(Data records)
+ + + +

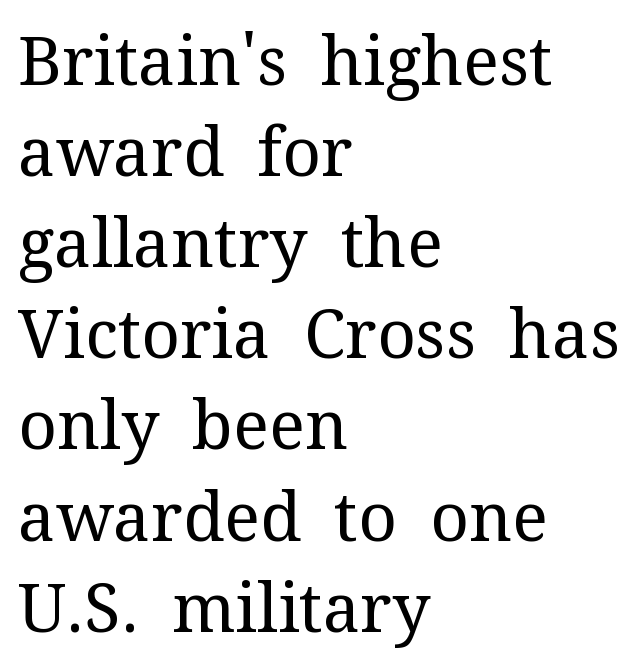
Q: Is the text bold? A: No.
Q: Is the text italic (slanted)? A: No, it is upright.
Q: Is the typeface a serif or a sans-serif typeface? A: Serif.
Q: Is the text underlined? A: No.
Q: How is the paragraph aligned? A: Left-aligned.
Q: Is the spacing between letters normal or unusually wide? A: Normal.
Q: Is the spacing between lines tight, normal or loose? A: Normal.
Q: Width (condensed, normal, or wide)? A: Normal.
Q: Stroke contrast? A: Medium.
Q: x-height? A: Medium.
Q: Monospaced? A: No.
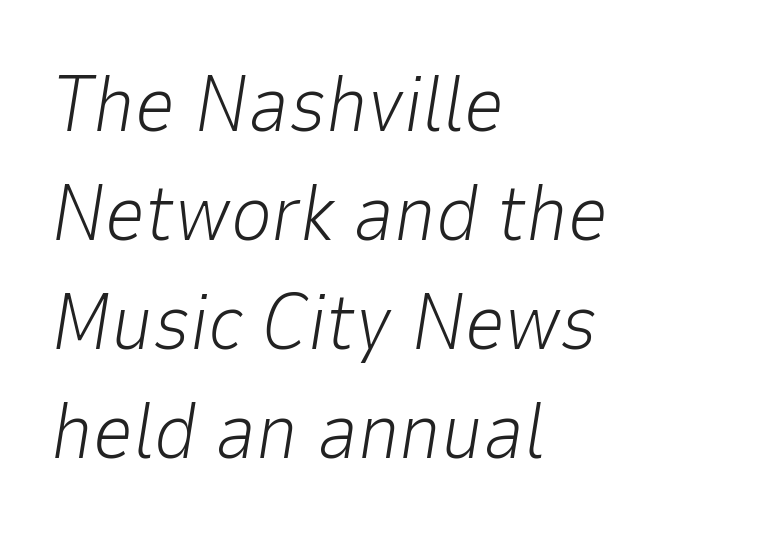
{"italic": "yes", "lean": "right", "slant_degrees": 9, "bold": "no", "weight": "light", "width": "normal", "stroke_contrast": "low", "x_height": "medium", "monospaced": "no", "underline": "no", "align": "left", "line_spacing": "normal", "line_spacing_ratio": 1.38, "letter_spacing": "normal", "letter_spacing_em": 0.0, "glyph_px": 79}
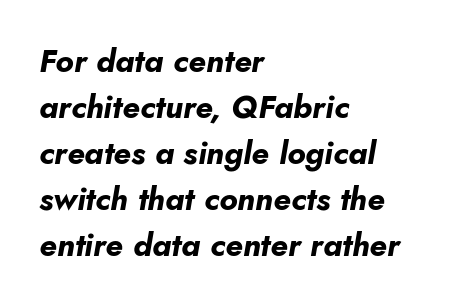
Q: Is the text bold? A: Yes.
Q: Is the text italic (slanted)? A: Yes, it leans right by about 10 degrees.
Q: Is the text underlined? A: No.
Q: How is the paragraph aligned? A: Left-aligned.
Q: Is the spacing between letters normal or unusually wide? A: Normal.
Q: Is the spacing between lines tight, normal or loose? A: Normal.
Q: Width (condensed, normal, or wide)? A: Normal.
Q: Stroke contrast? A: Low.
Q: x-height? A: Small.
Q: Monospaced? A: No.
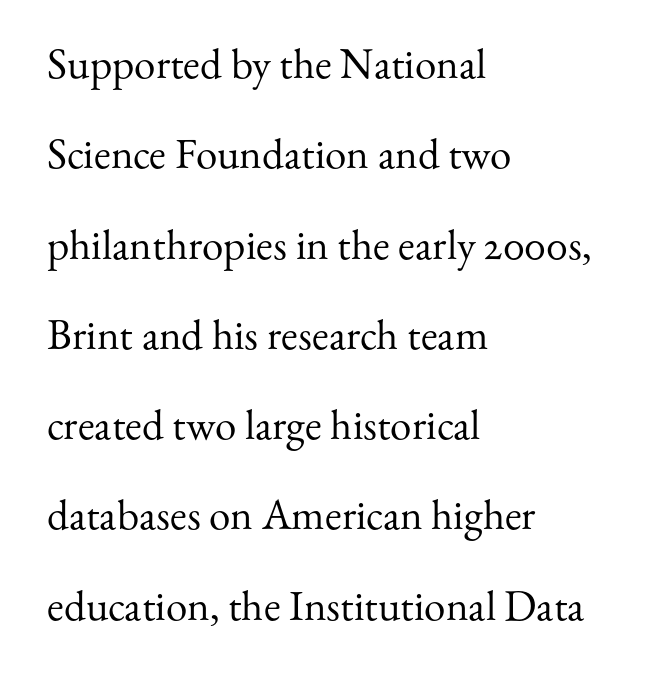
{"serif": "yes", "italic": "no", "bold": "no", "weight": "regular", "width": "normal", "stroke_contrast": "medium", "x_height": "small", "monospaced": "no", "underline": "no", "align": "left", "line_spacing": "loose", "line_spacing_ratio": 2.1, "letter_spacing": "normal", "letter_spacing_em": 0.0, "glyph_px": 43}
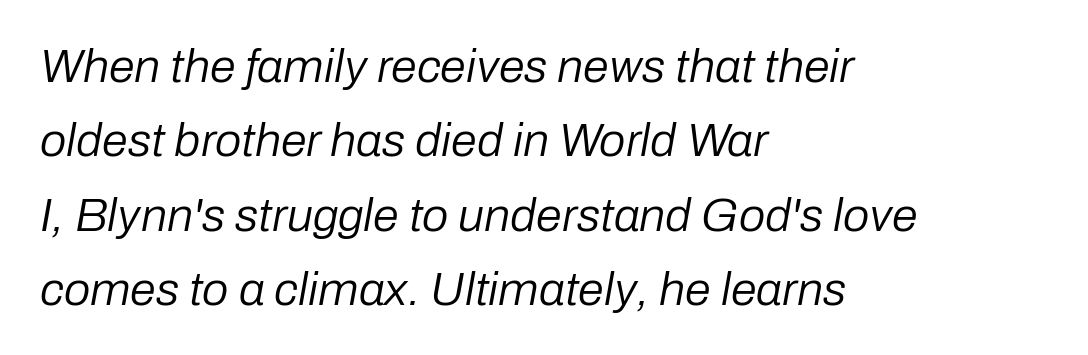
The image shows 47 px regular-weight type, italic (leaning right); set left-aligned, normal line spacing (1.58x), normal letter spacing, not underlined; low stroke contrast and a medium x-height.
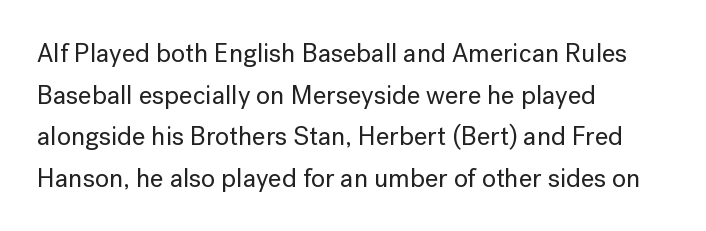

+ + + +

Work task: Only the text of the entries above, transcribed exactly, should be given; leave out pictures.

Response below:
Q: Is the text bold? A: No.
Q: Is the text italic (slanted)? A: No, it is upright.
Q: Is the typeface a serif or a sans-serif typeface? A: Serif.
Q: Is the text underlined? A: No.
Q: How is the paragraph aligned? A: Left-aligned.
Q: Is the spacing between letters normal or unusually wide? A: Normal.
Q: Is the spacing between lines tight, normal or loose? A: Normal.
Q: Width (condensed, normal, or wide)? A: Normal.
Q: Stroke contrast? A: Medium.
Q: x-height? A: Medium.
Q: Monospaced? A: No.
{"italic": "yes", "lean": "right", "slant_degrees": 9, "bold": "no", "weight": "light", "width": "normal", "stroke_contrast": "low", "x_height": "medium", "monospaced": "no", "underline": "no", "align": "left", "line_spacing": "normal", "line_spacing_ratio": 1.38, "letter_spacing": "normal", "letter_spacing_em": 0.0, "glyph_px": 79}
Q: Is the text bold? A: Yes.
Q: Is the text italic (slanted)? A: Yes, it leans right by about 10 degrees.
Q: Is the text underlined? A: No.
Q: How is the paragraph aligned? A: Left-aligned.
Q: Is the spacing between letters normal or unusually wide? A: Normal.
Q: Is the spacing between lines tight, normal or loose? A: Normal.
Q: Width (condensed, normal, or wide)? A: Normal.
Q: Stroke contrast? A: Low.
Q: x-height? A: Small.
Q: Monospaced? A: No.
{"serif": "yes", "italic": "no", "bold": "no", "weight": "regular", "width": "normal", "stroke_contrast": "medium", "x_height": "small", "monospaced": "no", "underline": "no", "align": "left", "line_spacing": "loose", "line_spacing_ratio": 2.1, "letter_spacing": "normal", "letter_spacing_em": 0.0, "glyph_px": 43}
The image shows 47 px regular-weight type, italic (leaning right); set left-aligned, normal line spacing (1.58x), normal letter spacing, not underlined; low stroke contrast and a medium x-height.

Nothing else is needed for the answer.